Good Taste: Extreme Makeover, Tacky Hors d’Oeuvres Transformed

One of my favorite geeky pleasures is paging through a stack of vintage cookbooks. I’m not talking about early 1900s, when you can practically see the dreary shadow of the shackles that tied women to the stove darkening the pages.

Nope. Think Mad Men-era. I love the playful mid-century graphic design preserved in cookbooks of the ’50s and ’60s, as well as the idea of sexy femmes walking around in spectator pumps, backseamed stockings, and hostess aprons. I’m not claiming it was actually fun to cook in that getup (or do anything besides loll around popping happy pills), but it’s a hot look.

Trouble is, that era’s food is not appealing to our modern palates. I like to joke that canned cream of mushroom soup was the extra virgin olive oil of the fifties. And did Jell-O really need to invade every course? I like it much better where it is now: in its rightful role as a booze delivery system.

I’ve had McCall’s Cocktail-Time Cookbook (1965) for years, ever since I scored it at a yard sale — but only last week did I realize that ceci n’est pas un ananas. In other words, the pineapple on the cover isn’t really a pineapple. It’s made of molded cheese. Isn’t that freaky? It’s one thing to play with your food for fun, it’s quite another to make trompe l’oeil tropical fruit out of Velveeta with the goal of clawing yourself to the top of the cocktail party hostess heap.

“I like your deviled ham pinwheels, Bernice, but I’m afraid they don’t hold a candle to Doris’ pineapple surprise.”

However, the ’60s was the Age of the Canapé. I respect that. We live in the Age of the Crudité. Trays of veggies are boring. I love a high-end cocktail party, where each cater waiter circulates with a new tray of tempting, bite-sized delights (and as a Condé Nast editorial assistant, I went to my fair share). Wouldn’t it be nice if parties had more of that going on?

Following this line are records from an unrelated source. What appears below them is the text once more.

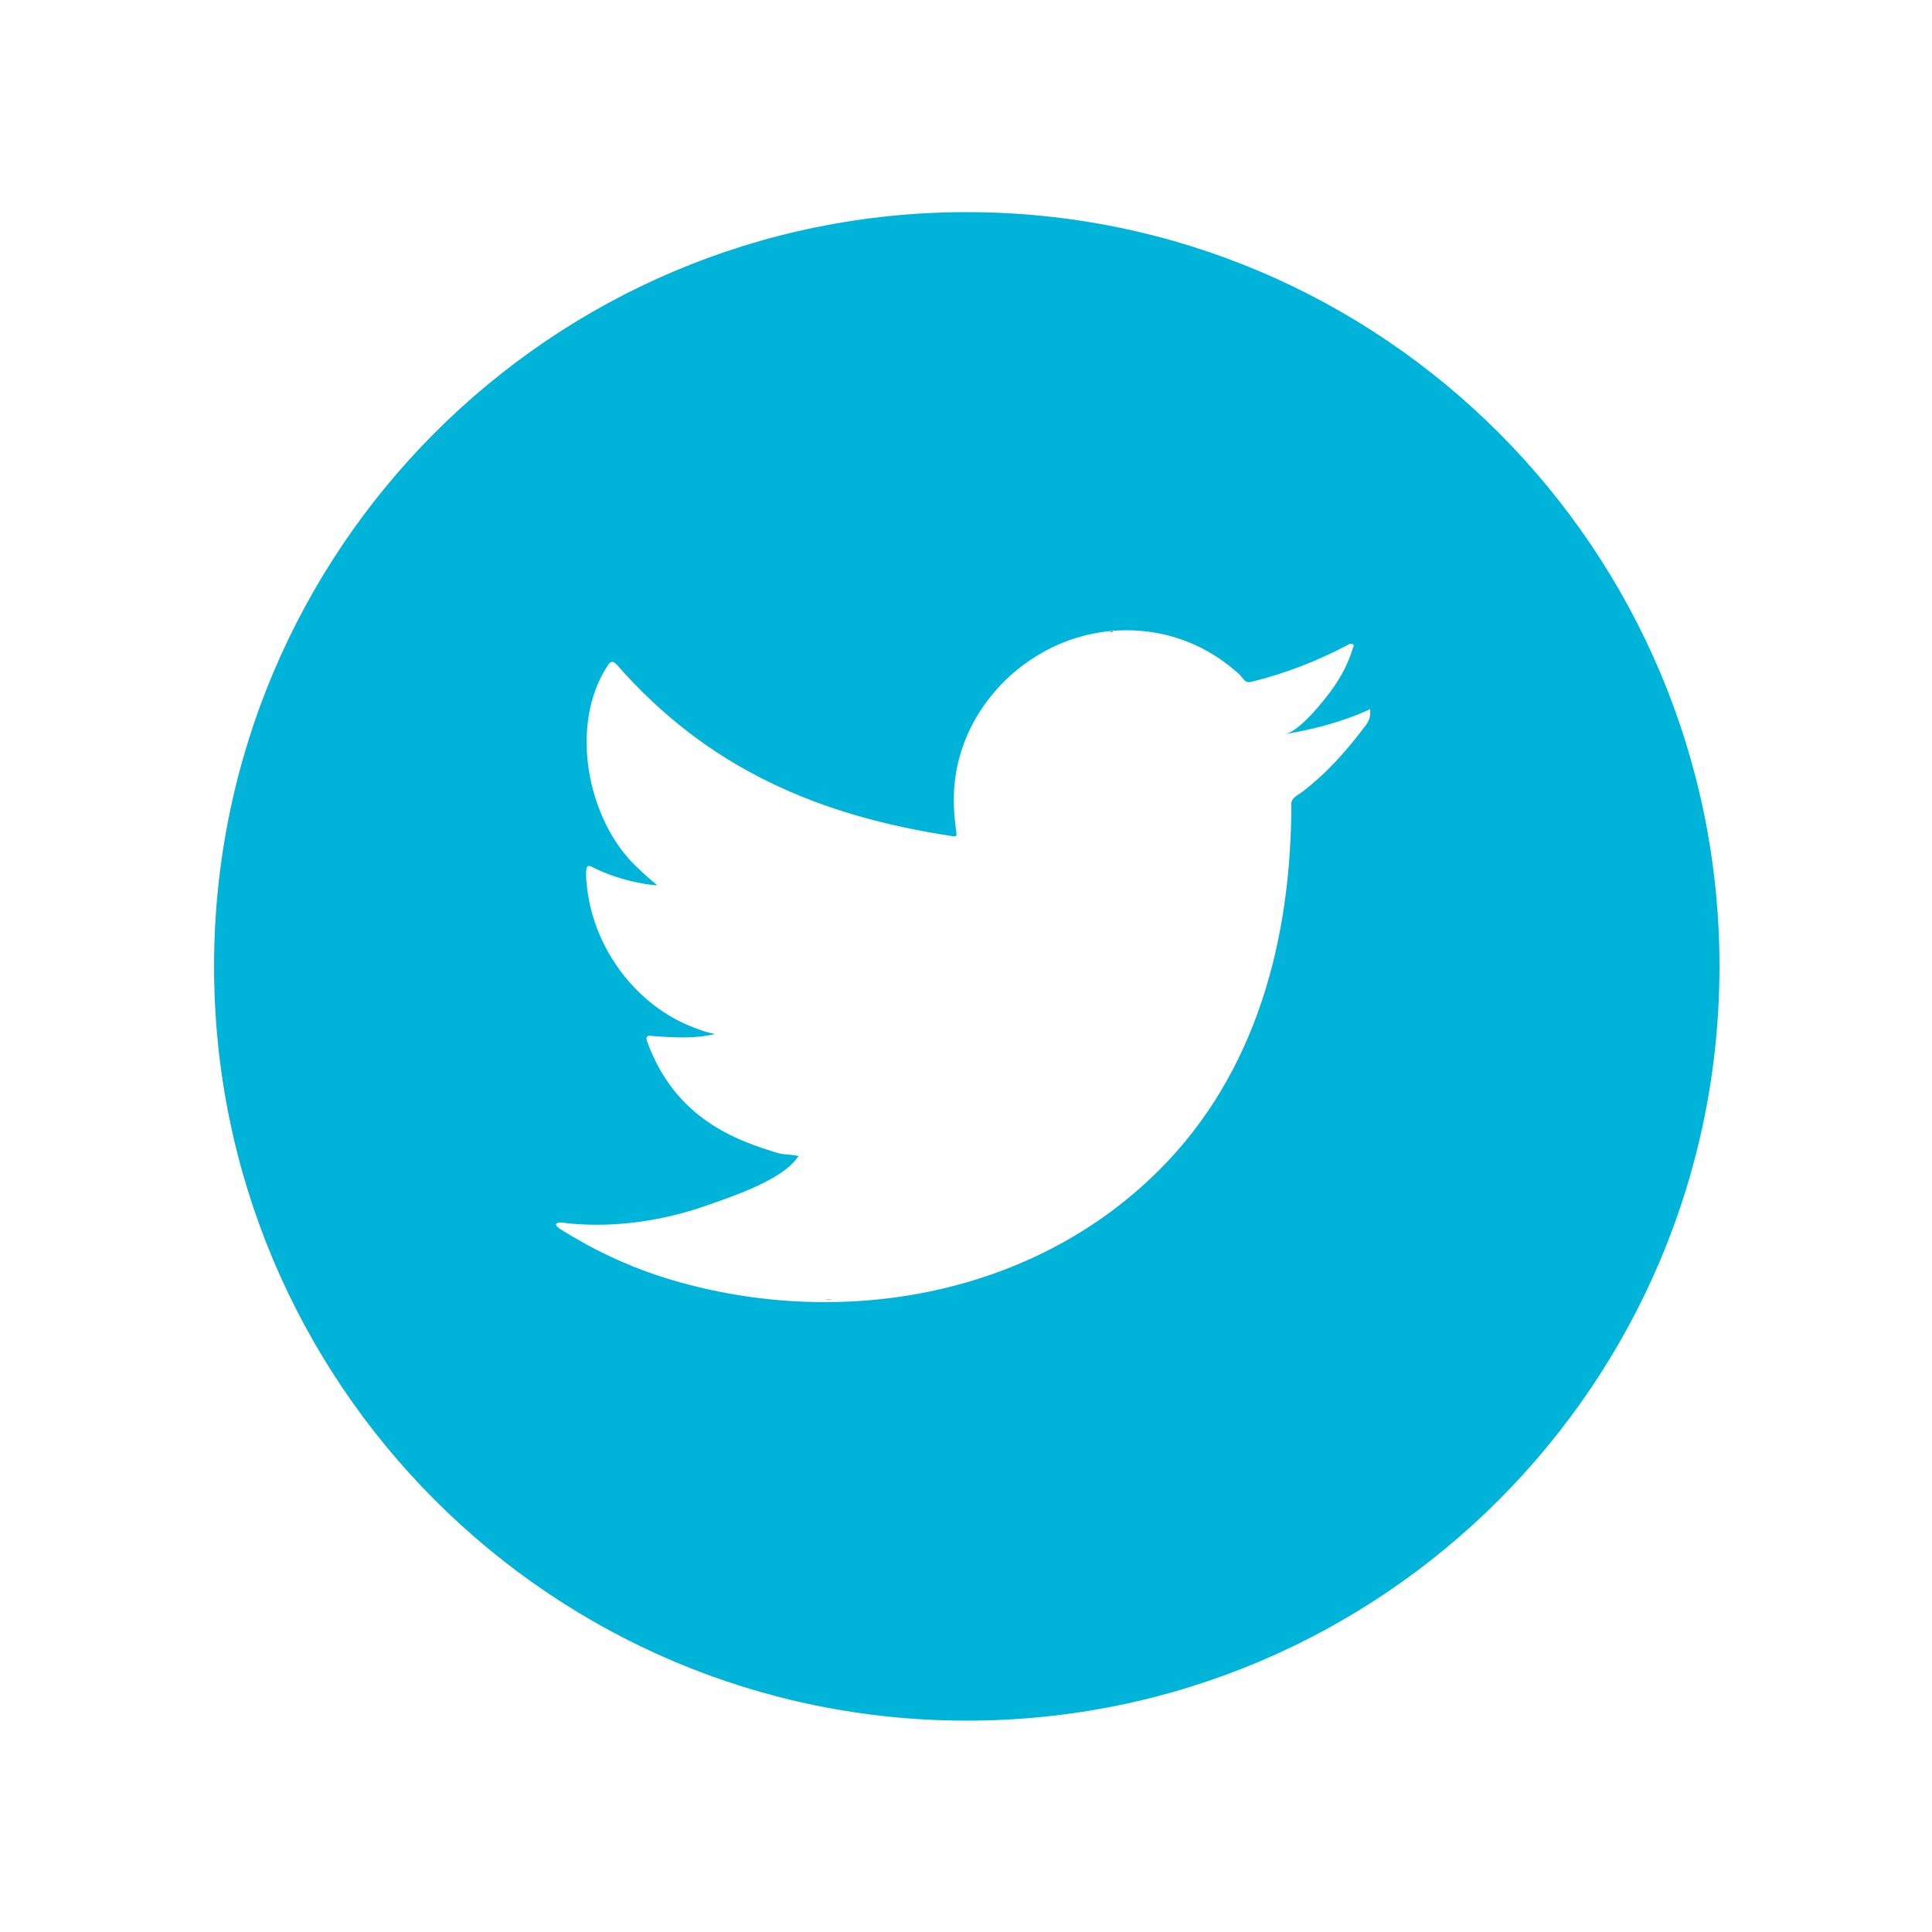 <?xml version="1.0" encoding="utf-8"?>
<!-- Generator: Adobe Illustrator 24.1.2, SVG Export Plug-In . SVG Version: 6.00 Build 0)  -->
<svg version="1.1" id="Layer_1" xmlns="http://www.w3.org/2000/svg" xmlns:xlink="http://www.w3.org/1999/xlink" x="0px" y="0px"
	 viewBox="0 0 500 500" style="enable-background:new 0 0 500 500;" xml:space="preserve">
<style type="text/css">
	.st0{fill:#00B3D9;}
	.st1{fill:#323232;}
</style>
<path class="st0" d="M250.2,54.9c-107.6,0-194.8,87.4-194.8,195.2s87.2,195.2,194.8,195.2S445,357.9,445,250.1
	S357.8,54.9,250.2,54.9z M353.6,187.5c-4.9,6.6-10.2,12.6-16.8,17.6c-1,0.7-2.6,1.5-2.6,2.8c0,34.9-8.9,69.7-34.3,95
	c-32.3,32.2-80.8,40.9-123.8,29c-8.3-2.3-16.3-5.5-23.9-9.6c-2.5-1.4-5-2.8-7.5-4.4c-0.6-0.5-1.1-1-0.6-1.3c0.5-0.3,0.9-0.3,2.9,0
	c12,1.2,24.4-0.6,35.8-4.6c6.3-2.2,19.7-6.6,23.6-12.5c0.1-0.1,0.2-0.1,0.3-0.3c-1.6-0.4-3.1-0.4-4.7-0.6
	c-11.7-3.4-27.3-9.2-34.5-29c-0.5-1.2,0-1.8,1.2-1.5c9.6,0.8,13.1,0.2,16.4-0.5c-1.9-0.3-3.8-1-5.6-1.7c-14.7-5.6-25.5-20-27.5-35.6
	c-0.2-1.8-0.4-3.3-0.3-5c0.1-1.2,0.6-1.5,1.6-0.9c7.6,3.9,16.1,4.8,16.8,4.7c-1.9-1.5-3.6-3.1-5.3-4.7
	c-12.8-12.1-17.7-36.8-7.5-52.2c0.8-1.2,1.4-1.2,2.4-0.1c23.4,26.7,52.1,39.1,86.9,44.3c0.9,0.1,1,0,0.9-1c-0.9-6.1-1-12.1,0.5-18.2
	c1.5-6.3,4.5-12.2,8.6-17.2c3.9-4.9,8.9-8.9,14.4-11.8c5.5-2.9,11.6-4.6,17.8-5c6.4-0.4,12.9,0.6,18.8,3c4.5,1.8,8.5,4.3,12.2,7.5
	c0.8,0.6,1.5,1.4,2.2,2.3c0.5,0.5,1,0.6,1.7,0.5c8.9-2.2,17.2-5.4,25.3-9.7c0.4-0.2,0.7-0.3,1.1-0.1c0.4,0.3,0.2,0.7,0,1.1
	c-1.4,4.7-4,9.1-7.1,12.9c-2,2.5-7.1,8.7-10.5,9.3c7.2-1.2,14.6-3.1,21.3-6.1c0.9-0.4,0.8-0.6,0.8,0c0,0,0,0.1,0,0.2
	C354.6,184.7,354.7,186,353.6,187.5z"/>
<path class="st1" d="M213.7,336.4C213.6,336.5,213.6,336.5,213.7,336.4C213.9,336.5,213.8,336.4,213.7,336.4z"/>
<path class="st1" d="M206.5,336.3C203,336.3,206.2,336.3,206.5,336.3L206.5,336.3z"/>
<path class="st1" d="M213.7,336.4C213.8,336.4,213.9,336.5,213.7,336.4C217,336.5,214.2,336.2,213.7,336.4z"/>
<path class="st1" d="M213.7,336.4C213.6,336.4,213.6,336.5,213.7,336.4C213.6,336.5,213.6,336.5,213.7,336.4z"/>
<path class="st1" d="M288.1,163.4c-0.2,0-0.6,0-0.9,0C287.6,163.6,287.9,163.6,288.1,163.4z"/>
</svg>

I decided to challenge myself to zero in on the recipes with the most potential, and re-do them to be healthier, tastier, and more appealing. Here’s what I came up with.

Date Nut Boats

3 oz. lowfat cream cheese
1 tablespoon milk
½ teaspoon powdered ginger
4 tablespoons chopped tamari almonds
18 pitted dates
2 tablespoons candied ginger, chopped into 18 little pieces

Combine the cream cheese and milk. I used my mini food processor, but you can also whack it into shape with a whisk or fork. (It helps to warm the cream cheese for a few seconds in the microwave.) Stir in the powdered ginger and half of the almond bits.

Slit date halfway through lengthwise. Using your finger, open it up in preparation for the filling step. Repeat with the rest of the dates. Using a small spoon, drop in the cream cheese mixture, arranging on a platter as you go. Once you’ve finished, adorn each appetizer with a piece of candied ginger. Sprinkle the dates with the rest of the chopped almonds.

Notes: This show-stopping vegetarian appetizer has a Moroccan vibe, but only in a fifties pastiche kind of way. I updated the recipe by upping the dried ginger, adding the candied ginger, using lowfat cream cheese instead of full-fat, and substituting tamari almonds for plain walnuts. Vegans, use Tofutti cream cheese and almond milk.